The clinicopathologic features of macroscopic BDTT occurrence after therapy are summarized in Table 2. Imaging examination [computed tomography (CT) or magnetic resonance imaging (MRI)] revealed macroscopic BDTT and concomitant intrahepatic recurrence in all six patients. Total bilirubin (TBil) and direct bilirubin (DBil) increased in all six patients (normal ranges, ≤ 24.0 μmol/L and ≤ 11.0 μmol/L, respectively). Serum AFP was increased in four patients and was normal in two patients. Four patients showed concomitant intrahepatic recurrent HCC lesions and BDTTs, while the other two revealed no intrahepatic recurrence. Surgical re-resection of the intrahepatic recurrent tumor and removal of the BDTT was performed in four patients, and BDTT removal via choledochotomy was performed in one patient. The other patient (case 6) underwent conservative treatment including percutaneous transhepatic cholangial drainage (PTCD) and transarterial chemoembolization (TACE) because of poor liver function. Histologic examination showed the recurrent tumor or BDTT to be poorly (n = 4) or moderately differentiated HCC (n = 1). All patients died with a mean survival of 11 mo after BDTT removal or conservative treatment.
Table 2.
Case 1 | Case 2 | Case 3 | Case 4 | Case 5 | Case 6 | |
Interval1 | 6 mo | 47 mo | 76 mo | 5 mo | 8 mo | 9 mo |
Chief complaint | Jaundice | Jaundice | Jaundice | Jaundice and epigastric pain | Jaundice | Jaundice |
TBil/DBil (μmol/L) | 47.1/28.8 | 365.0/283.3 | 286.0/206.5 | 35.7/27.3 | 146.0/87.2 | 480.0/360.3 |
AFP (ng/mL) | 1.3 | 223.5 | 6.7 | 251.6 | 148.5 | 546 |
Recurrent tumor location/size | VIII/2.0 cm | - | VI/3.2 cm | V, VIII/5.2 cm | VI/2.8 cm | - |
BDTT location | RIHBD-CBD | CHD-CBD | RIHBD-CBD | RHD-CBD | RIHBD-CBD | RIHBD-CBD |
Treatment | Hepatic resection and BDTT removal | BDTT removal | Hepatic resection and BDTT removal | Hepatic resection and BDTT removal | Hepatic resection and BDTT removal | PTCD and TACE |
Resection state | R1 | R1 | R1 | R0 | ||
Histologic differentiation | Moderate | Poor | Poor | Poor | Poor | |
Vascular infiltration | - | + | + | + | ||
Microsatellites | - | + | + | - | ||
Capsule presence | - | - | - | - | ||
Survival/prognosis | 13 mo/dead | 4 mo/dead | 19 mo/dead | 14 mo/dead | 10 mo/dead | 6 mo/dead |
Interval between BDTT occurrence and initial treatment. AFP: Alpha-fetoprotein; TBil: Total bilirubin; DBil: Direct bilirubin; RIHBD: Right intrahepatic bile duct; CHD: Common hepatic duct; CBD: Common bile duct; RHD: Right hepatic duct; +: Positive; -: Negative; BDTT: Bile duct tumor thrombus.

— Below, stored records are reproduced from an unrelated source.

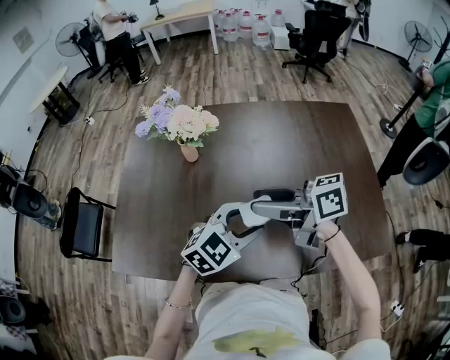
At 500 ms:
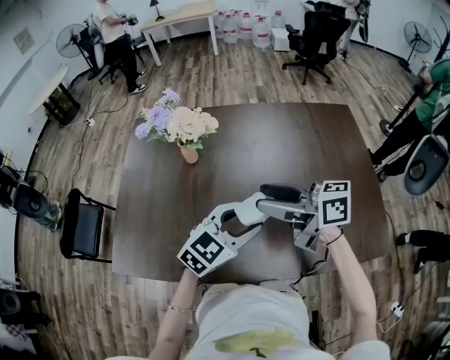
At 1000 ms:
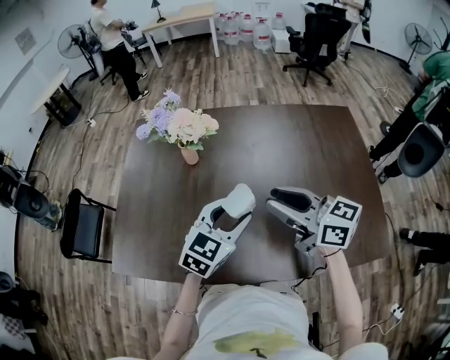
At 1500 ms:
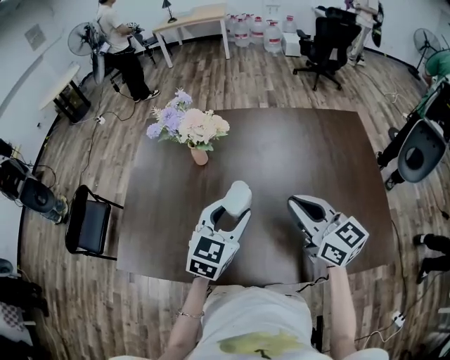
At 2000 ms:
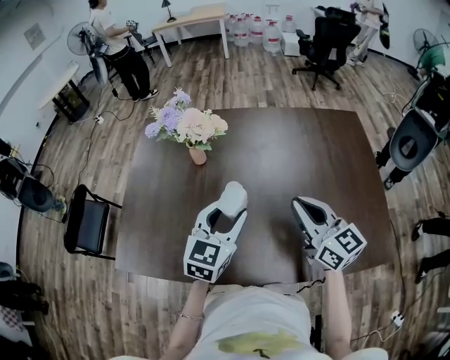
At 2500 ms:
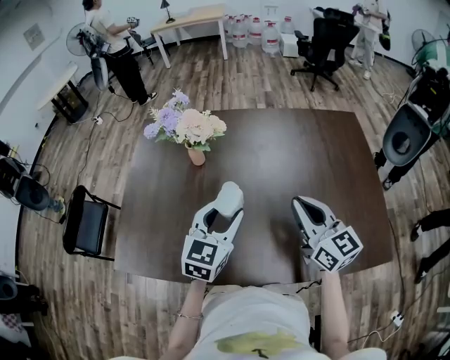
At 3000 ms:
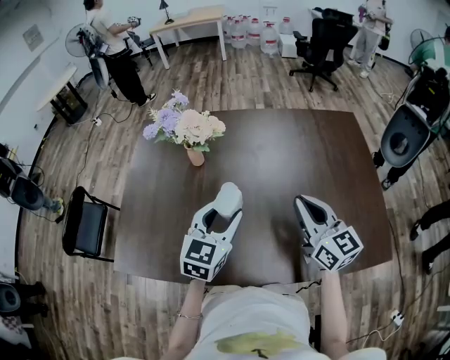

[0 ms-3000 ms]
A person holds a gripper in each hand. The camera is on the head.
0 ms to 1500 ms: The left gripper changes place by some 10 cm, and swivels about 30 degrees. The right gripper shifts by some 10 cm, turns by some 50 degrees, and closes up.
1500 ms to 3000 ms: The grippers move only a little.

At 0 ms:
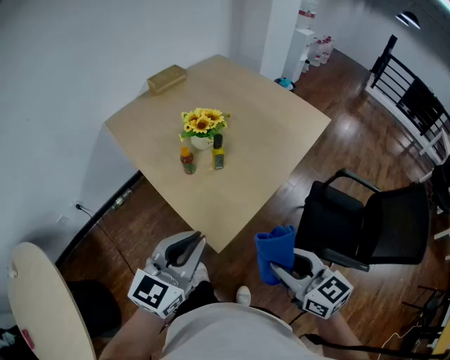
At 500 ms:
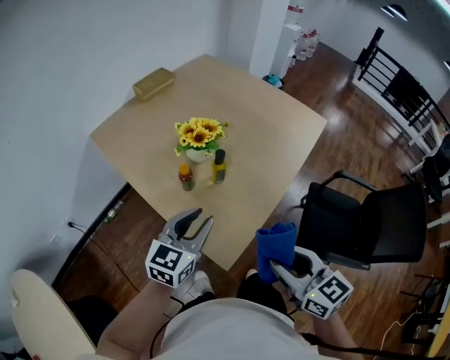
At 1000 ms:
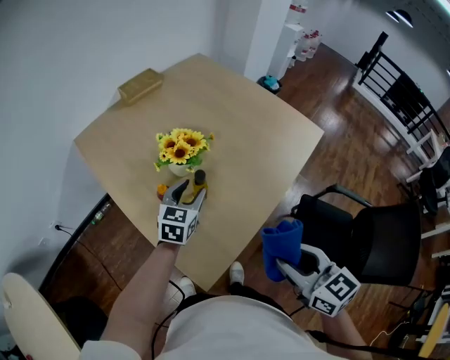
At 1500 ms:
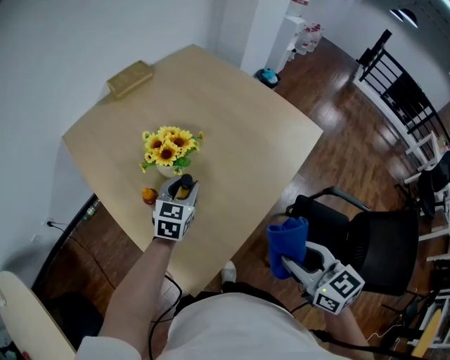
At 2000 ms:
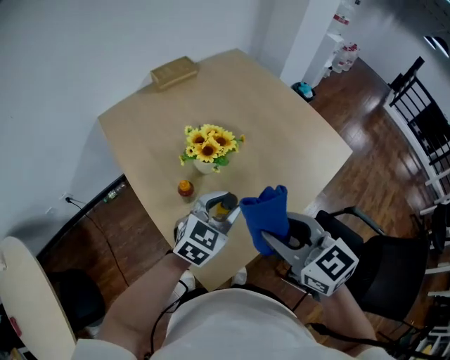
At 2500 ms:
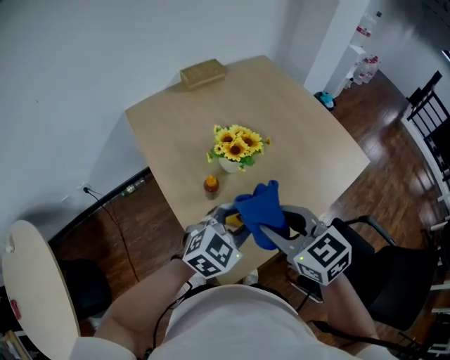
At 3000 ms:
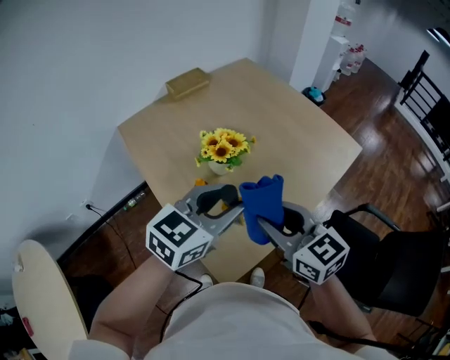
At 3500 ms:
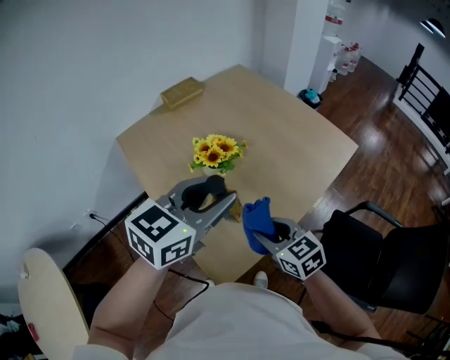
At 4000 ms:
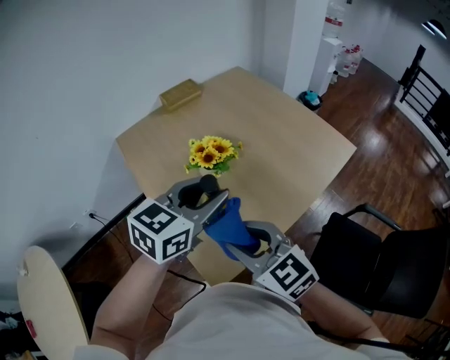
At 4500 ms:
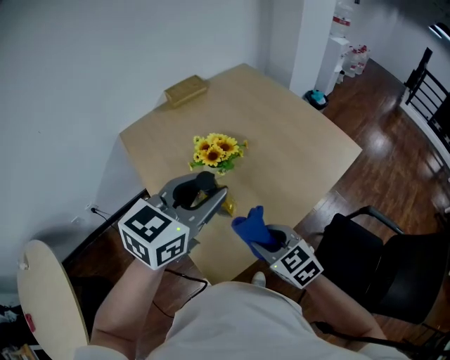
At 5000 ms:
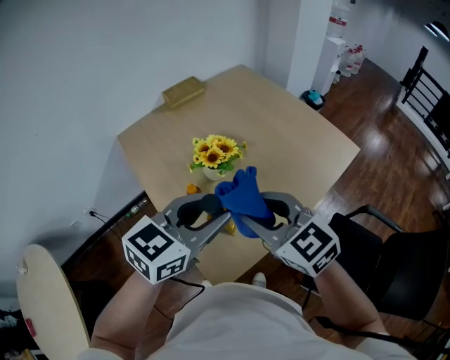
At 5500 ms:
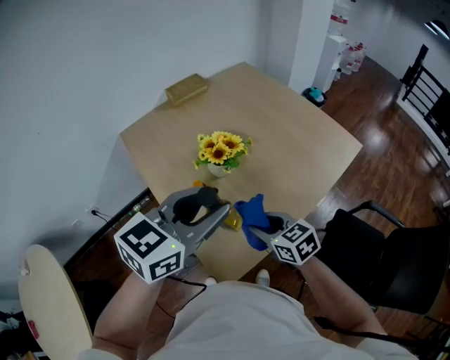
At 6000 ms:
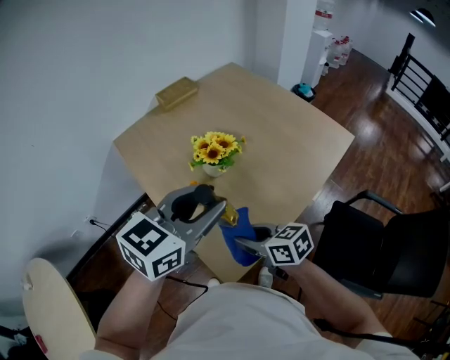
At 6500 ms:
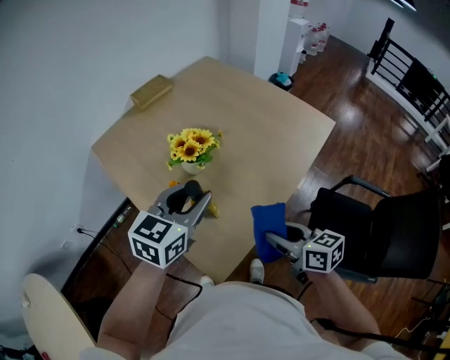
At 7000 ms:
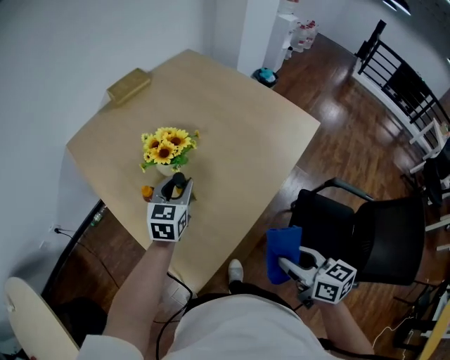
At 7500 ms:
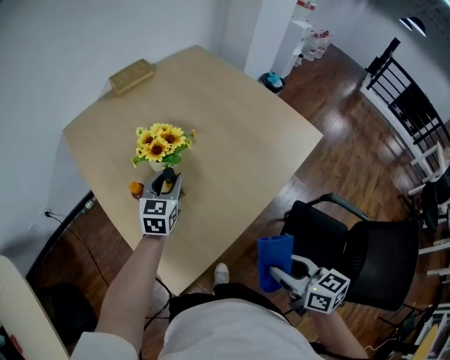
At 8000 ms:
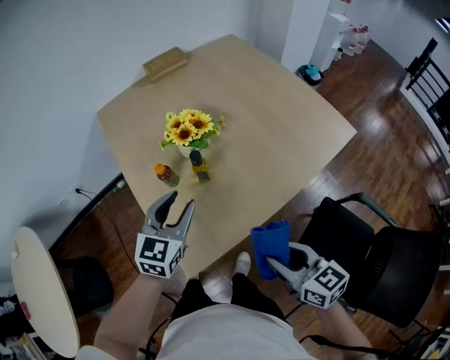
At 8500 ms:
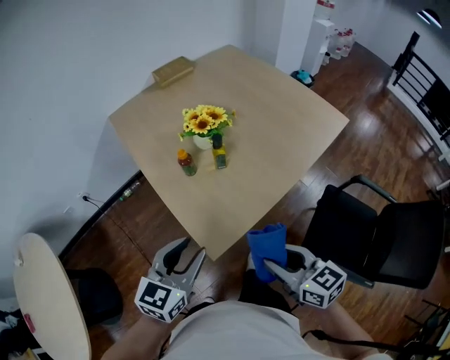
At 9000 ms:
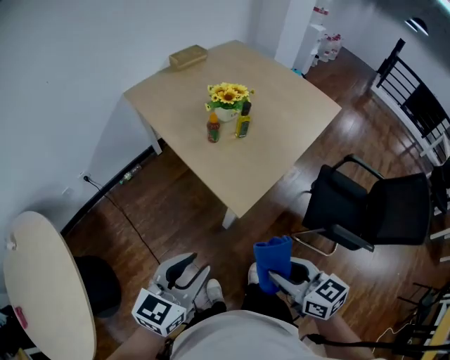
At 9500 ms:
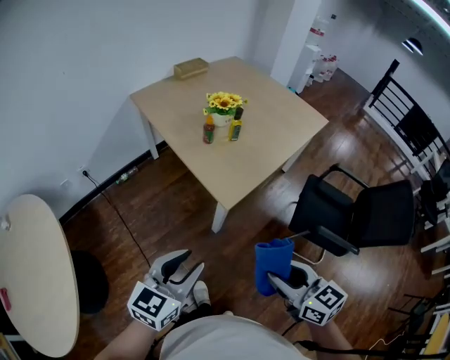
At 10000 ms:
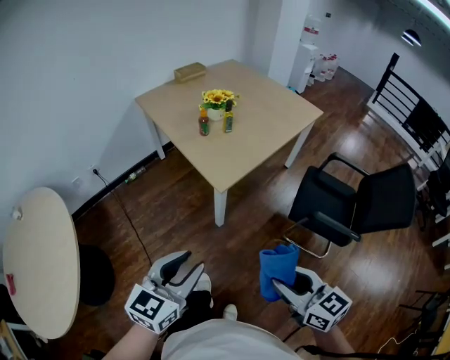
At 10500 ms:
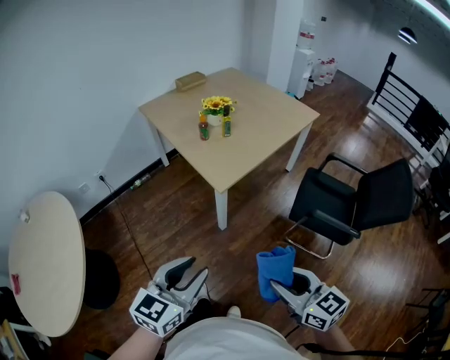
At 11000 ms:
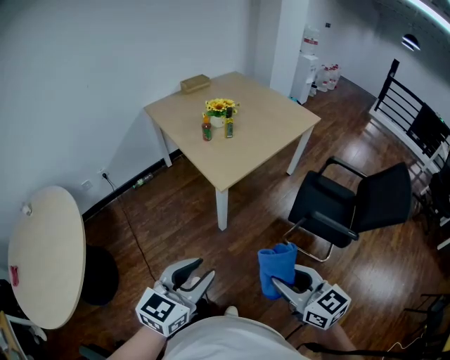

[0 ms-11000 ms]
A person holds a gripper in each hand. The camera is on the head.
0 ms to 2000 ms: Both grippers move forward, approximately 30 cm. The left gripper opens.
2000 ms to 3500 ms: The right gripper moves downward, approximately 10 cm; the left gripper is displaced upward by about 20 cm.
3500 ms to 5500 ms: The right gripper goes up and down, roughly 15 cm each way, reversing 3 times.
5500 ms to 7500 ms: The left gripper is displaced downward and forward by some 30 cm, and changes its angle by some 30 degrees. The right gripper moves to the right and backward, approximately 20 cm, and changes its angle by approximately 20 degrees.
7500 ms to 9000 ms: The right gripper shifts some 40 cm to the left and backward, while the left gripper goes approximately 60 cm backward and to the left, and turns by about 20 degrees.
9000 ms to 11000 ms: Both grippers move backward and to the right, some 30 cm.

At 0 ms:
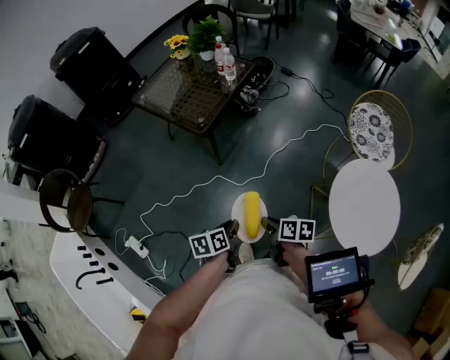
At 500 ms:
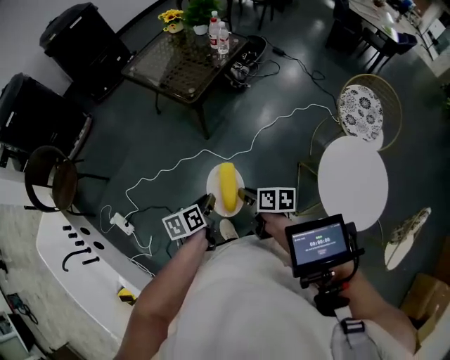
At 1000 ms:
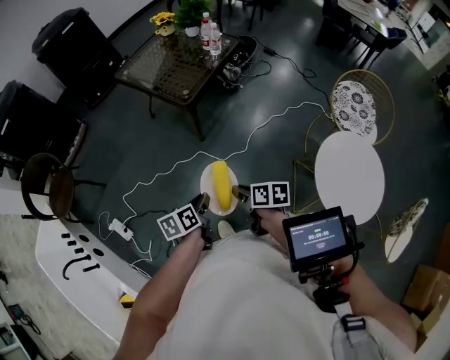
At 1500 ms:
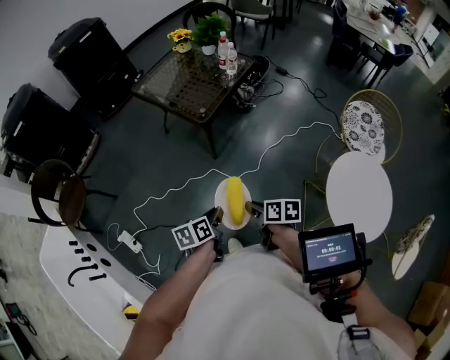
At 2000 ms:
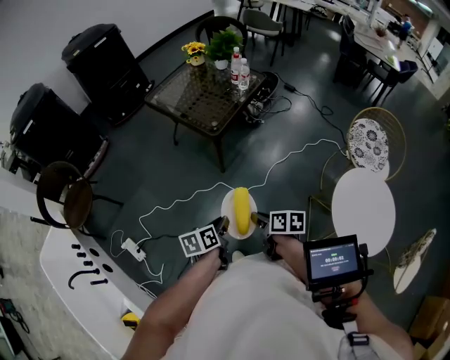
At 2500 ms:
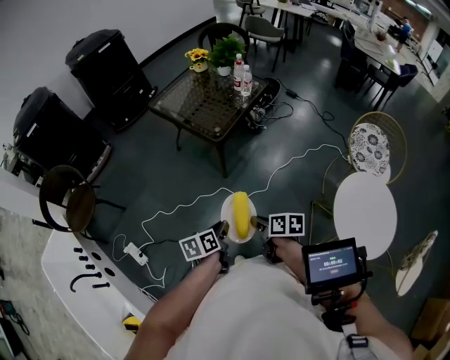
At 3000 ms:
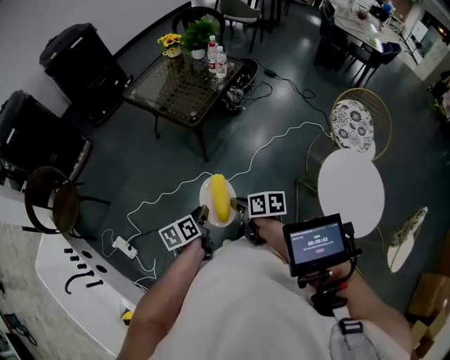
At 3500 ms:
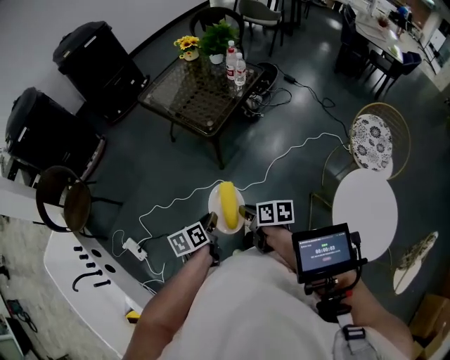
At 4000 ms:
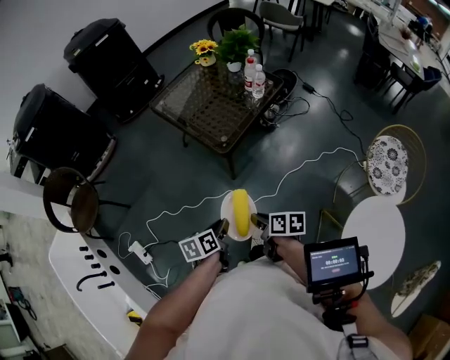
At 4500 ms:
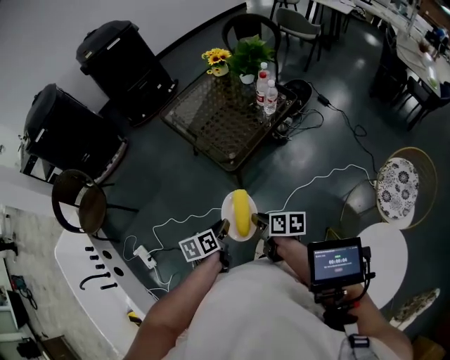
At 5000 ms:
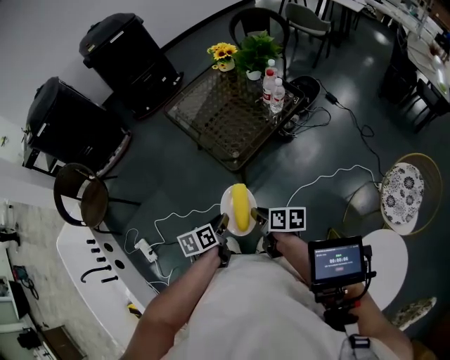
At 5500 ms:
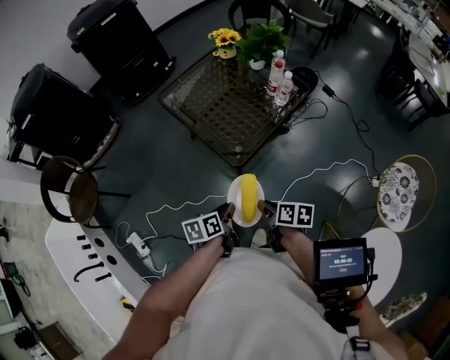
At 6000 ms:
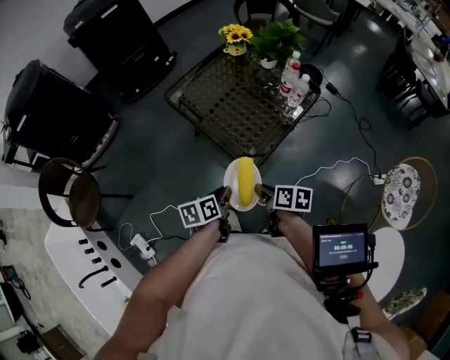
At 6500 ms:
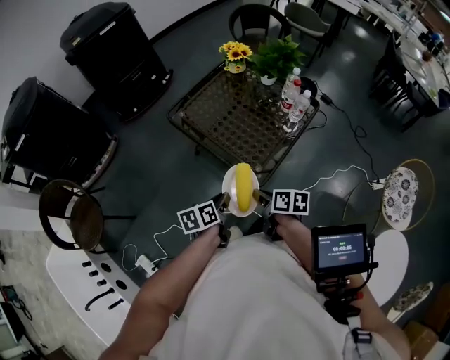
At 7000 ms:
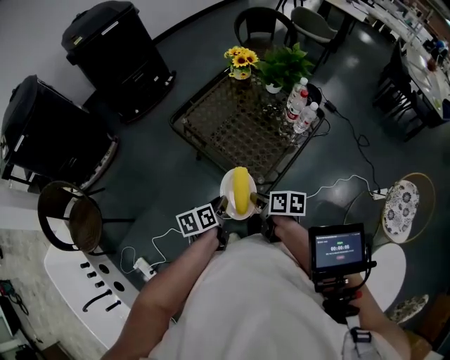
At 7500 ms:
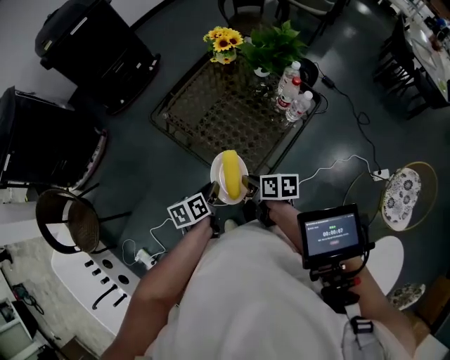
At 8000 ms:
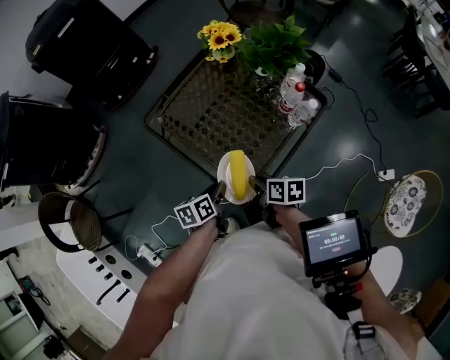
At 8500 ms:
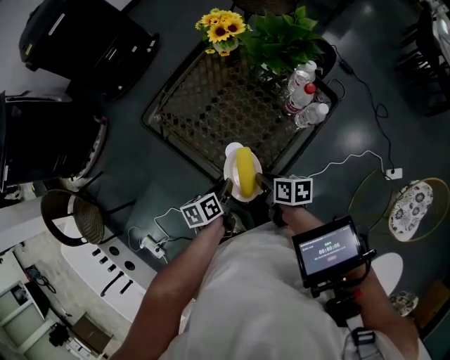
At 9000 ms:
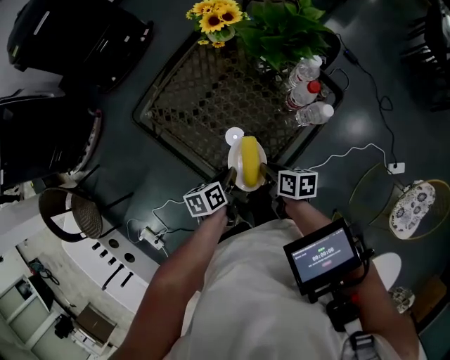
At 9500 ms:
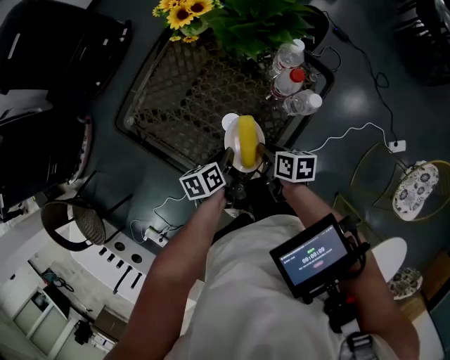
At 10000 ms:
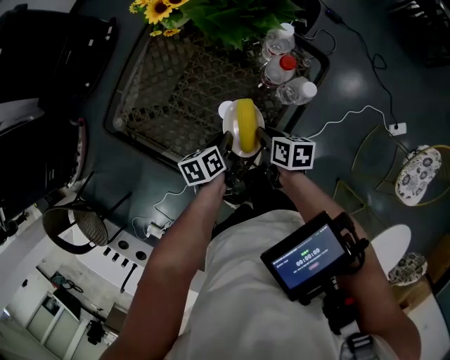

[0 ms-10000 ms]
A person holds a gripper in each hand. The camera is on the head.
0 ms to 2000 ms: The grippers both shift to the left by approximately 10 cm.
2000 ms to 4000 ms: The two grippers go roughly 15 cm forward.
4000 ms to 6000 ms: The two grippers go some 25 cm forward.
6000 ms to 8000 ms: The grippers both shift forward by approximately 20 cm.
8000 ms to 10000 ms: The right gripper shifts roughly 20 cm to the right, downward and forward. Meanwhile the left gripper shifts roughly 20 cm forward, to the right and downward.

Clinical course of each case is briefly presented below
Case 1: A 35-year-old male underwent partial resection of segments V and VIII (Couinaud’s nomenclature) due to a moderately differentiated sHCC measuring 2.7 cm in diameter (Figure 1A). At follow-up 6 mo after the operation, the patient was hospitalized due to jaundice. Serum AFP was normal, and CA19-9 was 350.2 U/mL (normal range, ≤ 35 U/mL). Abdominal sonography and dynamic contrast-enhanced MRI examination showed a recurrent tumor of 2.0 cm in diameter at the edge of the residual cavity (segment VIII) after resection of the primary sHCC, and a BDTT extending to the proximal segment of the common bile duct was depicted simultaneously (Figures 1B and C). The BDTT and intrahepatic recurrence were directly connected, and both exhibited typical HCC enhancement characteristics, such as early enhancement in the hepatic arterial phase with rapid wash-out of contrast agent in the portal vein phase on dynamic contrast-enhanced MRI. The patient underwent partial resection of hepatic segments (IV, VIII) and removal of the BDTT via choledochotomy. Pathological examination showed the intrahepatic recurrent tumor and the BDTT were moderately differentiated HCC (Figure 1D). The patient died 13 mo after surgery due to recurrence.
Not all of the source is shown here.